Nickname(s): Final, Nedy, Enny
Gender: Vaguely gestures at a sign that says “ g orl”
Sign: Leo
Height: 5′5 and a wee bit more
Current time: 12:29am
Favorite band(s): Not really listening to them all that much atm but Mindless Self Indulgence, Wildways, Mother Mother, Korn, Poshlaya Molly, In This Moment, Missio
Favorite solo artist(s): Blue Stahli, Sullivan King, Igorrr, Utsu-P, Zardonic, 
Song stuck in my head: “Intro 2″ by NF
Last movie I saw: Uhhhh ᵈᵒ ʲᵒʰⁿ ᵐᵘˡᵃⁿᵉʸ ⁿᵉᵗᶠˡᶦˣ ˢᵖᵉᶜᶦᵃˡˢ ᶜᵒᵘⁿᵗ
Last show I watched: Lucifer
When did I create my blog: according to post limit checker, around “Wed, 01 Jul 2015“
What do I post: I dont post jack shit but I reblog anime, anime ships, animals, art I really like, sometimes memes
Last thing I googled: "paraphernalia definition”
Do I have other blogs: My animal crossing blog is @mayor-nedy and I have a blog literally dedicated to Hatsune Miku figures I want @mikollection
Do I get asks: nope
Why did I choose my url: I wanted something that sounded Japanese and semi-og.
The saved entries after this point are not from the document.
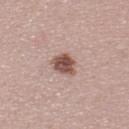<record>
<biopsy_status>not biopsied; imaged during a skin examination</biopsy_status>
<patient>
  <sex>male</sex>
  <age_approx>30</age_approx>
</patient>
<lesion_size>
  <long_diameter_mm_approx>3.0</long_diameter_mm_approx>
</lesion_size>
<image>
  <source>total-body photography crop</source>
  <field_of_view_mm>15</field_of_view_mm>
</image>
<lighting>white-light</lighting>
</record>

I looked up prefectures in Japan and after many, many attempts for an available name, oshoro worked. I’m kinda attached to it now
Following: 782 but my dash is still dead
Followed by: 110, which for never posting anything original and blocking all spam bots is aLrIgHT i think
Average hours of sleep: 10-12
Lucky number: 7 or 4 or 2 uhhh theyre all nice numbers very soft looking
Instruments: I kinda want to learn the ukulele but considering how unmotivated I am I probably wont. 4th grade I was MAD on a xylophone tho watch out
What I’m wearing: Green tinted sweatpants that have never ending clumps of my own hair and my cats hair attached to it. A black short sleeved shirt with lil white and red galaxy type stars all around. (also has clumps of my cats hair on it)
Dream job: Crime scene cleanup was a recent dream of mine but honestly no idea I push that question far into the back of my mind
Favorite food: Tagalogs, Mac and Cheese, and maruchan Ramen
Nationality: US
Favorite song: Uhm a couple I think. I listened to “Deviate” by Circle of Dust/Blue Stahli non stop all of last year. “Privately Owned Spiral Galaxy” by Crywank is special to me. Recently as in the last 3 days “Break Stuff” by We’re Wolves has been a fav. Anything loud I like tbh
Last book I read: Last full book I read was one flew over the cuckoo's nest and I hated it with a passion. 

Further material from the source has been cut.